近年来,随着褐藻胶裂解酶越来越多的应用于医药、食品、化工、农业、分子生物学、海洋生物学等领域,褐藻胶裂解酶日益成为海洋生物资源研究开发的竞争热点。目前国内外对褐藻胶低聚糖的研究工作主要集中在:1、褐藻胶酵解工艺的研究;2、特定褐藻胶低聚糖分子片段的提取和纯化;3、褐藻胶低聚糖的生理活性的开发和应用等方面。迄今为止,国内外市场均未见有褐藻胶裂解酶制剂的产品,也没有生产性的酶解褐藻胶产物的产品。

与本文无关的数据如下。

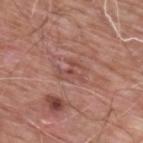The lesion was tiled from a total-body skin photograph and was not biopsied. An algorithmic analysis of the crop reported a lesion color around L≈49 a*≈24 b*≈25 in CIELAB and a lesion–skin lightness drop of about 7. The software also gave a border-irregularity index near 10/10, a color-variation rating of about 0/10, and a peripheral color-asymmetry measure near 0. And it measured an automated nevus-likeness rating near 0 out of 100 and lesion-presence confidence of about 75/100. A male subject, in their 60s. Cropped from a total-body skin-imaging series; the visible field is about 15 mm. The tile uses white-light illumination. The lesion is located on the upper back.
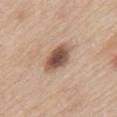notes: catalogued during a skin exam; not biopsied
image: total-body-photography crop, ~15 mm field of view
patient: male, about 60 years old
site: the upper back
tile lighting: white-light illumination
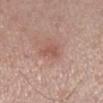Case summary:
• biopsy status — total-body-photography surveillance lesion; no biopsy
• site — the right lower leg
• automated lesion analysis — a footprint of about 3.5 mm² and an eccentricity of roughly 0.7; a border-irregularity index near 4/10 and a color-variation rating of about 1/10; a lesion-detection confidence of about 100/100
• lighting — white-light
• subject — male, aged around 55
• imaging modality — ~15 mm tile from a whole-body skin photo
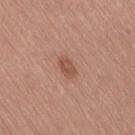illumination: white-light illumination | diameter: about 3 mm | automated lesion analysis: an outline eccentricity of about 0.8 (0 = round, 1 = elongated); roughly 9 lightness units darker than nearby skin and a normalized lesion–skin contrast near 6.5 | subject: female, aged approximately 60 | site: the leg | acquisition: total-body-photography crop, ~15 mm field of view.
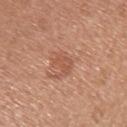Clinical summary:
A female subject, aged approximately 50. The tile uses white-light illumination. The lesion is on the left upper arm. About 2.5 mm across. A 15 mm close-up tile from a total-body photography series done for melanoma screening.
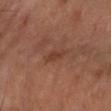  biopsy_status: not biopsied; imaged during a skin examination
  patient:
    sex: male
    age_approx: 55
  site: arm
  image:
    source: total-body photography crop
    field_of_view_mm: 15
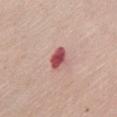A close-up tile cropped from a whole-body skin photograph, about 15 mm across. This is a white-light tile. An algorithmic analysis of the crop reported a footprint of about 4.5 mm², an eccentricity of roughly 0.75, and a symmetry-axis asymmetry near 0.25. It also reported a lesion color around L≈52 a*≈32 b*≈22 in CIELAB, a lesion–skin lightness drop of about 18, and a lesion-to-skin contrast of about 11.5 (normalized; higher = more distinct). And it measured border irregularity of about 2.5 on a 0–10 scale, a within-lesion color-variation index near 3.5/10, and radial color variation of about 1. The analysis additionally found a nevus-likeness score of about 0/100 and lesion-presence confidence of about 100/100. Located on the chest. The subject is a female aged 63–67. The recorded lesion diameter is about 2.5 mm.
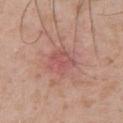workup — no biopsy performed (imaged during a skin exam) | patient — male, in their mid-50s | imaging modality — ~15 mm tile from a whole-body skin photo | automated metrics — a within-lesion color-variation index near 3/10 and peripheral color asymmetry of about 1; an automated nevus-likeness rating near 0 out of 100 | tile lighting — white-light illumination | lesion size — ~3.5 mm (longest diameter) | site — the upper back.
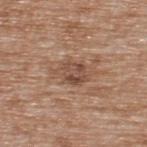Case summary:
* patient: male, about 65 years old
* body site: the upper back
* illumination: white-light illumination
* lesion diameter: about 4 mm
* TBP lesion metrics: an average lesion color of about L≈49 a*≈19 b*≈28 (CIELAB), roughly 9 lightness units darker than nearby skin, and a lesion-to-skin contrast of about 7 (normalized; higher = more distinct); a nevus-likeness score of about 0/100 and a lesion-detection confidence of about 95/100
* image: total-body-photography crop, ~15 mm field of view
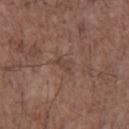| key | value |
|---|---|
| biopsy status | imaged on a skin check; not biopsied |
| anatomic site | the front of the torso |
| patient | male, about 70 years old |
| image | 15 mm crop, total-body photography |
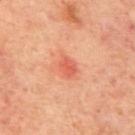Background:
A male subject, about 70 years old. Approximately 2.5 mm at its widest. A roughly 15 mm field-of-view crop from a total-body skin photograph. The lesion is on the mid back.
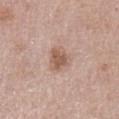biopsy status: imaged on a skin check; not biopsied
location: the left upper arm
lesion size: ~3.5 mm (longest diameter)
lighting: white-light
automated lesion analysis: a lesion area of about 6.5 mm² and a symmetry-axis asymmetry near 0.25; a border-irregularity index near 2.5/10, a color-variation rating of about 2.5/10, and radial color variation of about 1
image source: 15 mm crop, total-body photography
patient: female, aged 48 to 52
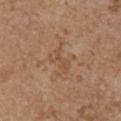follow-up = imaged on a skin check; not biopsied.
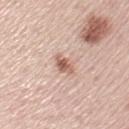Notes:
- biopsy status · imaged on a skin check; not biopsied
- patient · female, aged 58 to 62
- anatomic site · the left upper arm
- imaging modality · total-body-photography crop, ~15 mm field of view
- size · about 2.5 mm
- lighting · white-light
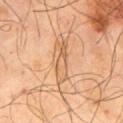<tbp_lesion>
  <biopsy_status>not biopsied; imaged during a skin examination</biopsy_status>
  <lesion_size>
    <long_diameter_mm_approx>5.0</long_diameter_mm_approx>
  </lesion_size>
  <image>
    <source>total-body photography crop</source>
    <field_of_view_mm>15</field_of_view_mm>
  </image>
  <patient>
    <sex>male</sex>
    <age_approx>65</age_approx>
  </patient>
  <site>arm</site>
</tbp_lesion>
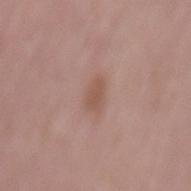Impression: Recorded during total-body skin imaging; not selected for excision or biopsy. Clinical summary: A roughly 15 mm field-of-view crop from a total-body skin photograph. Captured under white-light illumination. On the mid back. The subject is a female in their mid-60s.
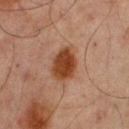biopsy_status: not biopsied; imaged during a skin examination
lesion_size:
  long_diameter_mm_approx: 4.0
lighting: cross-polarized
patient:
  sex: male
  age_approx: 65
image:
  source: total-body photography crop
  field_of_view_mm: 15
site: upper back
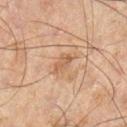biopsy_status: not biopsied; imaged during a skin examination
site: right lower leg
image:
  source: total-body photography crop
  field_of_view_mm: 15
lighting: cross-polarized
lesion_size:
  long_diameter_mm_approx: 2.5
patient:
  sex: male
  age_approx: 45
automated_metrics:
  nevus_likeness_0_100: 5
  lesion_detection_confidence_0_100: 100
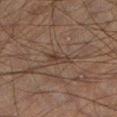Recorded during total-body skin imaging; not selected for excision or biopsy.
This is a cross-polarized tile.
A male patient, aged around 50.
About 3 mm across.
The total-body-photography lesion software estimated a lesion area of about 3 mm², a shape eccentricity near 0.95, and two-axis asymmetry of about 0.4. It also reported a lesion color around L≈28 a*≈12 b*≈19 in CIELAB and a normalized lesion–skin contrast near 6.
This image is a 15 mm lesion crop taken from a total-body photograph.
The lesion is located on the left lower leg.

中国海洋大学从马尾藻表面分离得到一株产生高效胞外褐藻胶裂解酶的海洋弧菌Vibrio sp.QY102,其产生的褐藻胶裂解酶活性高、pH稳定范围广,甘露糖醛酸活性高于古罗糖醛酸活性,具有重要的开发应用价值。然而原始菌株在现有培养条件下的产酶量较低,且国内外鲜有关于原始菌株产褐藻胶裂解酶的发酵研究的报告。建立褐藻胶裂解酶的发酵工艺对于大规模生产褐藻胶裂解酶并促进其在工农医等领域的应用十分重要。
发明内容
本发明的目的在于提供一种利用海洋弧菌生产褐藻胶裂解酶的方法。
在本发明的第一方面,提供一种利用海洋弧菌生产褐藻胶裂解酶的方法,该方法包括:
将海洋弧菌接种到以淀粉为碳源的培养基中培养,待海洋弧菌生长到对数生长期末期时,每1-6小时添加褐藻胶0.2-6g/L,诱导海洋弧菌生产褐藻胶裂解酶,至发酵结束。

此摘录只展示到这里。